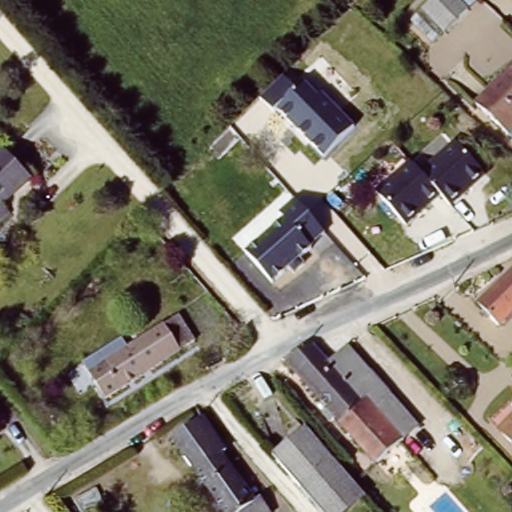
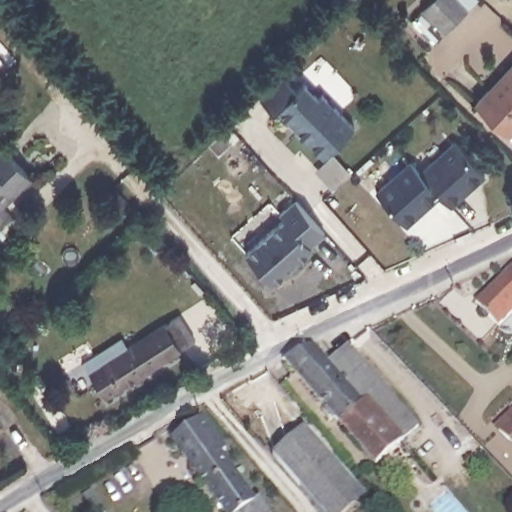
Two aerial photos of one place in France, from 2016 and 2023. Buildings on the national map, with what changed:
unchanged [(486,4),(433,48),(407,22),(429,0),(482,0),(486,4)]
unchanged [(512,63),(512,141),(470,106),(512,63)]
unchanged [(259,97),(284,73),(300,88),(305,83),(320,96),(324,93),(355,125),(324,156),(259,97)]
unchanged [(411,161),(422,174),(457,144),(485,175),(450,208),(439,196),(405,227),(375,193),(411,161)]
unchanged [(37,185),(0,219),(0,148),(37,185)]
unchanged [(275,300),(252,267),(312,223),(337,256),(275,300)]
unchanged [(472,309),(512,268),(512,315),(496,332),(472,309)]
unchanged [(83,364),(107,345),(110,348),(110,350),(112,353),(163,316),(179,305),(197,330),(185,338),(182,340),(107,395),(83,364)]
unchanged [(395,434),(368,401),(365,398),(360,402),(359,403),(354,397),(326,363),(325,361),(345,343),(387,389),(418,423),(401,440),(395,434)]
unchanged [(326,363),(354,397),(359,403),(360,402),(365,398),(368,401),(395,434),(401,440),(396,445),(377,461),(283,359),(312,346),(317,353),(325,361),(326,363)]
unchanged [(512,414),(512,458),(490,433),(512,414)]
unchanged [(223,456),(220,459),(224,464),(250,503),(252,506),(259,501),(266,512),(220,512),(172,442),(202,423),(225,455),(223,456)]
unchanged [(302,491),(300,488),(284,469),(270,452),(290,437),(300,428),(302,429),(329,462),(329,463),(333,468),(302,491)]
unchanged [(302,491),(333,468),(364,505),(354,512),(319,512),(305,495),(302,491)]

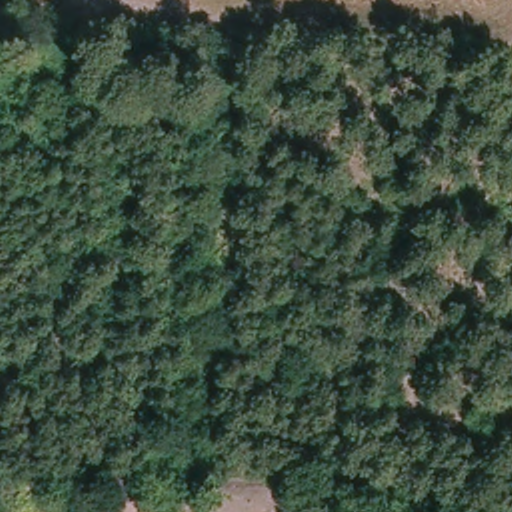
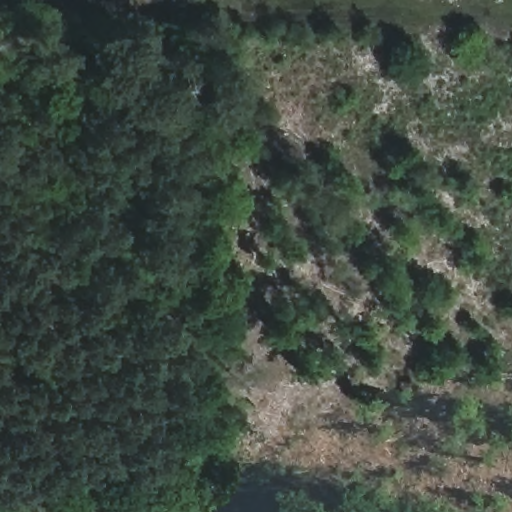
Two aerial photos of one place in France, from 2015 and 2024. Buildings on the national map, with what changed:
[]

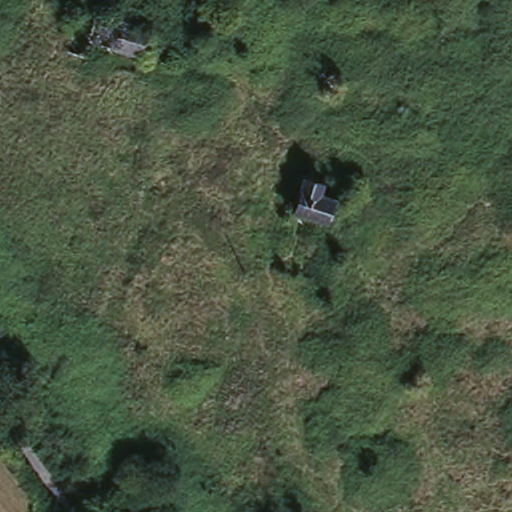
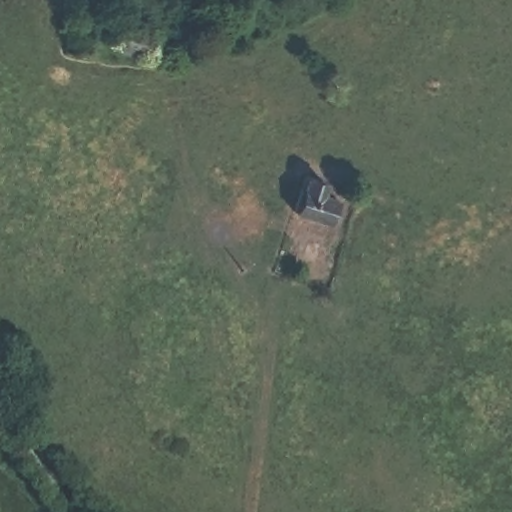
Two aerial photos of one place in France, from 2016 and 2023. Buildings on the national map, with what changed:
unchanged [(151,20),(142,60),(94,45),(87,60),(59,52),(75,3),(151,20)]
unchanged [(320,179),(318,193),(337,199),(337,206),(331,223),(289,210),(301,174),(320,179)]

» The problem
Repeat the data word for word; drop the pictures.

» Written response
Two aerial photos of one place in France, from 2016 and 2023. Buildings on the national map, with what changed:
unchanged [(486,4),(433,48),(407,22),(429,0),(482,0),(486,4)]
unchanged [(512,63),(512,141),(470,106),(512,63)]
unchanged [(259,97),(284,73),(300,88),(305,83),(320,96),(324,93),(355,125),(324,156),(259,97)]
unchanged [(411,161),(422,174),(457,144),(485,175),(450,208),(439,196),(405,227),(375,193),(411,161)]
unchanged [(37,185),(0,219),(0,148),(37,185)]
unchanged [(275,300),(252,267),(312,223),(337,256),(275,300)]
unchanged [(472,309),(512,268),(512,315),(496,332),(472,309)]
unchanged [(83,364),(107,345),(110,348),(110,350),(112,353),(163,316),(179,305),(197,330),(185,338),(182,340),(107,395),(83,364)]
unchanged [(395,434),(368,401),(365,398),(360,402),(359,403),(354,397),(326,363),(325,361),(345,343),(387,389),(418,423),(401,440),(395,434)]
unchanged [(326,363),(354,397),(359,403),(360,402),(365,398),(368,401),(395,434),(401,440),(396,445),(377,461),(283,359),(312,346),(317,353),(325,361),(326,363)]
unchanged [(512,414),(512,458),(490,433),(512,414)]
unchanged [(223,456),(220,459),(224,464),(250,503),(252,506),(259,501),(266,512),(220,512),(172,442),(202,423),(225,455),(223,456)]
unchanged [(302,491),(300,488),(284,469),(270,452),(290,437),(300,428),(302,429),(329,462),(329,463),(333,468),(302,491)]
unchanged [(302,491),(333,468),(364,505),(354,512),(319,512),(305,495),(302,491)]

Two aerial photos of one place in France, from 2015 and 2024. Buildings on the national map, with what changed:
[]

Two aerial photos of one place in France, from 2016 and 2023. Buildings on the national map, with what changed:
unchanged [(151,20),(142,60),(94,45),(87,60),(59,52),(75,3),(151,20)]
unchanged [(320,179),(318,193),(337,199),(337,206),(331,223),(289,210),(301,174),(320,179)]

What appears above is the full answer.